Mesmo um filme ou livro que remete a algo que teria ocorrido
no passado, ou que supostamente ocorrerá no futuro, se comunica com os medos,
desejos e preocupações do presente. Tenho um conhecido que relacionou o filme Joker
(2019) à emergência de uma convulsão social no mundo (e não é que houve a
irrupção de intensas manifestações como consequência da morte de George Floyd?).
Não há produto cultural que não dialogue com o momento em
que foi produzido. É essa característica que faz alguns desses produtos exercerem
impacto no imaginário de uma sociedade.
No caso de filmes, isso tende a torná-los sucessos de
bilheteria, de crítica, ou serem os mais assistidos dos serviços de streaming
no momento. Já para livros, não raro isso se reflete em grande sucesso
editorial, vendendo milhares, ou mesmo milhões de exemplares, sendo adaptados
para outras mídias e assim por diante. E aqui pode caber um espaço para citar filmes
como Don’t look up (Não olhe para cima), que teve grande amplificação no
contexto da pandemia da Covid-19, embora inicialmente produzido pensando no desastre
climático.
“Negação”, “Não olhe para cima” e outros filmes, séries ou
livros que tratam desse assunto acabaram por disseminar grande crítica aos
discursos negacionistas, podendo ser no campo da História, da ciência – mais especificamente
a crise climática – ou tantos outros. Quaisquer dessas mídias de massa não só
servem como entretenimento, como representam o espírito da época (zeitgeist, em
alemão) em que foram produzidos e lançados para o público.

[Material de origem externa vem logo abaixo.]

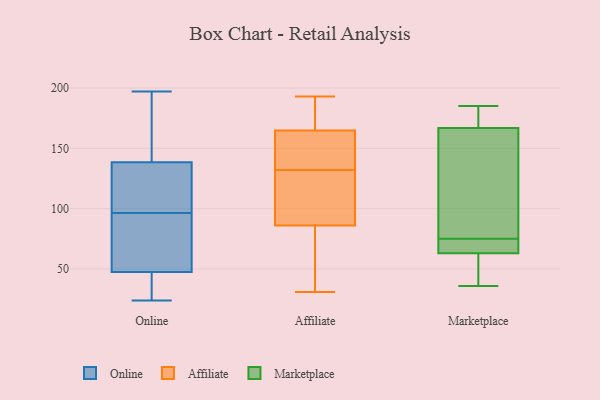
{"axis": {"x": "Satisfaction Score", "y": "Value"}, "legend": ["Affiliate", "Marketplace", "Online"], "data": [{"x": "", "y": 185, "type": "Online"}, {"x": "", "y": 117, "type": "Online"}, {"x": "", "y": 97, "type": "Online"}, {"x": "", "y": 66, "type": "Online"}, {"x": "", "y": 179, "type": "Online"}, {"x": "", "y": 138, "type": "Online"}, {"x": "", "y": 54, "type": "Online"}, {"x": "", "y": 87, "type": "Online"}, {"x": "", "y": 96, "type": "Online"}, {"x": "", "y": 35, "type": "Online"}, {"x": "", "y": 24, "type": "Online"}, {"x": "", "y": 139, "type": "Online"}, {"x": "", "y": 111, "type": "Online"}, {"x": "", "y": 39, "type": "Online"}, {"x": "", "y": 197, "type": "Online"}, {"x": "", "y": 41, "type": "Online"}, {"x": "", "y": 120, "type": "Affiliate"}, {"x": "", "y": 132, "type": "Affiliate"}, {"x": "", "y": 193, "type": "Affiliate"}, {"x": "", "y": 31, "type": "Affiliate"}, {"x": "", "y": 185, "type": "Affiliate"}, {"x": "", "y": 57, "type": "Affiliate"}, {"x": "", "y": 176, "type": "Affiliate"}, {"x": "", "y": 161, "type": "Affiliate"}, {"x": "", "y": 156, "type": "Affiliate"}, {"x": "", "y": 154, "type": "Affiliate"}, {"x": "", "y": 94, "type": "Affiliate"}, {"x": "", "y": 62, "type": "Affiliate"}, {"x": "", "y": 127, "type": "Affiliate"}, {"x": "", "y": 58, "type": "Marketplace"}, {"x": "", "y": 63, "type": "Marketplace"}, {"x": "", "y": 185, "type": "Marketplace"}, {"x": "", "y": 171, "type": "Marketplace"}, {"x": "", "y": 36, "type": "Marketplace"}, {"x": "", "y": 74, "type": "Marketplace"}, {"x": "", "y": 75, "type": "Marketplace"}, {"x": "", "y": 63, "type": "Marketplace"}, {"x": "", "y": 154, "type": "Marketplace"}, {"x": "", "y": 78, "type": "Marketplace"}, {"x": "", "y": 181, "type": "Marketplace"}]}

Enfim, o cinema, enquanto produtor de imaginários sociais,
pode ser uma importante ferramenta na discussão dos problemas que permeiam a
nossa sociedade.
4. Referências
CARVALHO, Bruno Leal Pastor de. Por que há pessoas que negam
o Holocausto? (Artigo). In: Café História – história feita com cliques. Disponível
na página https://www.cafehistoria.com.br/por-que-negam-o-holocausto/.
CASTRO, Ricardo Figueiredo de. O Negacionismo do Holocausto
(Artigo). In: Café História. Disponível na página https://www.cafehistoria.com.br/negacionismo-do-holocausto/.
Denial (Negação); Direção: Mick Jackson; Produção: Krasnoff
Foster Entertainment & Participant Media; Estados Unidos / Grã-Bretanha:
Sony Pictures & Shoebox Films, 2016. (109 min).
LIPSTADT, Deborah. Negação. 1ª ed. São Paulo: Universo
dos Livros, 2017.
MÜLLER, Marcelo. Negação (Crítica do filme). Disponível
na página https://www.papodecinema.com.br/filmes/negacao/.
RUY, Carolina Maria. O filme Negação mostra como o
simpatizante do nazismo, David Irving, plantou sementes de retrocesso.